I spared Tanky these details, many of which he probably knew. Besides, the man had seen so much action that they wouldn’t have been worth mentioning. It would have been an infraction of something to speak of Hoffa or to refer to the evasion of a subpoena. Tanky, of course, had been forced to say no to the usual federal immunity offer. It would have been fatal to accept it. One understands this better now that the FBI wiretaps and other pieces of evidence in the Williams-Dorfman trial have been made public. Messages like: “Tell Merkle that if he doesn’t sell us the controlling interest in his firm on our terms, we’ll waste him. Not only him. Say that we’ll also hack up his wife and strangle his kids. And while you’re at it, pass the word to his lawyer that we’ll do the same to him and his wife, and his kids.”

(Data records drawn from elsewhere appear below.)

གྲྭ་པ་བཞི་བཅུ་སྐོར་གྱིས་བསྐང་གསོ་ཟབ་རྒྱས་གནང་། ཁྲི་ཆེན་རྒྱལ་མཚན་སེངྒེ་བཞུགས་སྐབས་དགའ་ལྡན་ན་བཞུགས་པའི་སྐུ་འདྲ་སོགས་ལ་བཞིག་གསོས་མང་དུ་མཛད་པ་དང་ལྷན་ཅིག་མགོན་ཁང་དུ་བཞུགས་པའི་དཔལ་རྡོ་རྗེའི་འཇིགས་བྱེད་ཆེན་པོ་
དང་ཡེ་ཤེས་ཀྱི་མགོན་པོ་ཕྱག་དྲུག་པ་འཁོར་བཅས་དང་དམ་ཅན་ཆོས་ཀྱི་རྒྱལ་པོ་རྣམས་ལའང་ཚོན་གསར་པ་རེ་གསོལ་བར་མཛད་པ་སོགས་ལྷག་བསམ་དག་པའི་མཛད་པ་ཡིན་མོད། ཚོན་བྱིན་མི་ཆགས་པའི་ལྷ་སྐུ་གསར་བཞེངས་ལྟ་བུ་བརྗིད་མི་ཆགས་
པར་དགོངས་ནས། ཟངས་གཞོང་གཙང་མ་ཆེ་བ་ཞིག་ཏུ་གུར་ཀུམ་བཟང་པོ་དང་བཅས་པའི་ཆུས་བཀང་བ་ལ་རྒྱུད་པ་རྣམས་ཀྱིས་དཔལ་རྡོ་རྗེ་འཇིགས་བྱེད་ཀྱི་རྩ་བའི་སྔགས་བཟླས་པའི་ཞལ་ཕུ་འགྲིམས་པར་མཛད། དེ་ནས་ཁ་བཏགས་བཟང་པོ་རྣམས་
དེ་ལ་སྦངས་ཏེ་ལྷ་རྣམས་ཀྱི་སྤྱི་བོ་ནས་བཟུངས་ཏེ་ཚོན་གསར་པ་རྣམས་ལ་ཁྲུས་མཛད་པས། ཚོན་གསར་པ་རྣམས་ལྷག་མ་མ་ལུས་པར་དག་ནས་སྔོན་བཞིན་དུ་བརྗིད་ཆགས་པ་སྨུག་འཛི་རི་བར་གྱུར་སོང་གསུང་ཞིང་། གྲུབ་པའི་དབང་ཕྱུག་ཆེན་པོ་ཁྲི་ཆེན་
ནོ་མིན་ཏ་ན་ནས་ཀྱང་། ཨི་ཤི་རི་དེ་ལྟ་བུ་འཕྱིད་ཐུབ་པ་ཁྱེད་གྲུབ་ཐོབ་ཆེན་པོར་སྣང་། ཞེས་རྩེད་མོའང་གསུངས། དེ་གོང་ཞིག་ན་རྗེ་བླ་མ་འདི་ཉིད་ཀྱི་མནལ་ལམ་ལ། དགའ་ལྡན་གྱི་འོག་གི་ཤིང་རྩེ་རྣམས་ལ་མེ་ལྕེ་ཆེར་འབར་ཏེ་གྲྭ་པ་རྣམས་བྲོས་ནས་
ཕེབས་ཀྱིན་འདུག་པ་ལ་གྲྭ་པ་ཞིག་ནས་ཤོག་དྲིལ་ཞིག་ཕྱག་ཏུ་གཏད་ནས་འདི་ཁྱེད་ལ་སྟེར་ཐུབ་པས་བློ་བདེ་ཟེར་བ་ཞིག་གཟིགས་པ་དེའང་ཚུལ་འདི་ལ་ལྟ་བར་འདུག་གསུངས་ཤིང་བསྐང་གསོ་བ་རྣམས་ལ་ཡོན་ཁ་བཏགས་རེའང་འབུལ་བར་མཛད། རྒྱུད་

Tanky personally was no killer. He was Dorfman’s man of business, one of his legal and financial team. He was, however, sent to intimidate people who were slow to cooperate or repay. He crushed his cigar on the fine finish of desks, and broke the framed photographs of wives and children (which I think in some cases a good idea). Millions of dollars had to be involved. He didn’t get violent over trifles.

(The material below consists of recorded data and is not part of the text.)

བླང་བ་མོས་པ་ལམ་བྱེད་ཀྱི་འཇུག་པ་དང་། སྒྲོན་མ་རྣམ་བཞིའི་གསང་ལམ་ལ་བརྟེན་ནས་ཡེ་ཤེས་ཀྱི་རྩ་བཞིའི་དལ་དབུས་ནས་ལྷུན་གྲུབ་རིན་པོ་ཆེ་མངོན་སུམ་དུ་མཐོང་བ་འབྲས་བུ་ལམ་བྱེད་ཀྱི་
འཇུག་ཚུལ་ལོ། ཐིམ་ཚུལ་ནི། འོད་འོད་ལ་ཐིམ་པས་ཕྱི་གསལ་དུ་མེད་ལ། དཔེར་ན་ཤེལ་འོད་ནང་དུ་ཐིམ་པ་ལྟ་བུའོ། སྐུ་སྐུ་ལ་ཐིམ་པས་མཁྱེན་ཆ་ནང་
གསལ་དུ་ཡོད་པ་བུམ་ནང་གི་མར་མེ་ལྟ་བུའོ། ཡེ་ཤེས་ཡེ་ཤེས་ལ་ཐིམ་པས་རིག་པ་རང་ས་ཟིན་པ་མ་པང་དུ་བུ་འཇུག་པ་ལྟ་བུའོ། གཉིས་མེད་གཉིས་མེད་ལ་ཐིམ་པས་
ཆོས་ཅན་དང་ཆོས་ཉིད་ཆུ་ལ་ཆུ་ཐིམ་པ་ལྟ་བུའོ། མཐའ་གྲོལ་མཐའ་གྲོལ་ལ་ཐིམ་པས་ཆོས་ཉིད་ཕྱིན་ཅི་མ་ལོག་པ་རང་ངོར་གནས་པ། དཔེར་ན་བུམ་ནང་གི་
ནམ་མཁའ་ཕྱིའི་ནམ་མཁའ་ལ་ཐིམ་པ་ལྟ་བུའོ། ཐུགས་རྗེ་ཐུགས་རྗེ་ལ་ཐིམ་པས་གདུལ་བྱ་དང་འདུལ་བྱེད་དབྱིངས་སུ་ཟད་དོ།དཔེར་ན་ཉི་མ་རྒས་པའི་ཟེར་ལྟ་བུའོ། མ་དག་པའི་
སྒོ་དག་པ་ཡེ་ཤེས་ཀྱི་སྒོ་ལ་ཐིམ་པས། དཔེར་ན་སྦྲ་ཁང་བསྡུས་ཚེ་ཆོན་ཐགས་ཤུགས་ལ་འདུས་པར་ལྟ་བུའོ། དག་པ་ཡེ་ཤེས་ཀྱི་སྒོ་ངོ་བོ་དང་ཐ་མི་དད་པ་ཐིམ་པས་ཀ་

And naturally it would have been offensive to speak of Hoffa, for Tanky might be one of the few who knew how Hoffa had disappeared. I myself, reading widely (with the motives of a concerned cousin), was persuaded that Hoffa had entered a car on his way to a “reconciliation” meeting in Detroit. He was immediately knocked on the head and probably murdered in the backseat. His body was shredded in one machine, and incinerated in another.

Much knowledge of such happenings was in Tanky’s looks, in the puffiness of his face—an edema of deadly secrets. This knowledge made him dangerous. Because of it he would go to prison. The organization, convinced that he was steadfast, would take care of him. What he needed from me was nothing but a private letter to the judge. “Your honor, I submit this statement to you on behalf of the defendant in U.S. v. Raphael Metzger. The family have asked me to intercede as a friend of the court, and I do so fully convinced that the jury has done its job well. I shall try to persuade you, however, to be lenient in sentencing.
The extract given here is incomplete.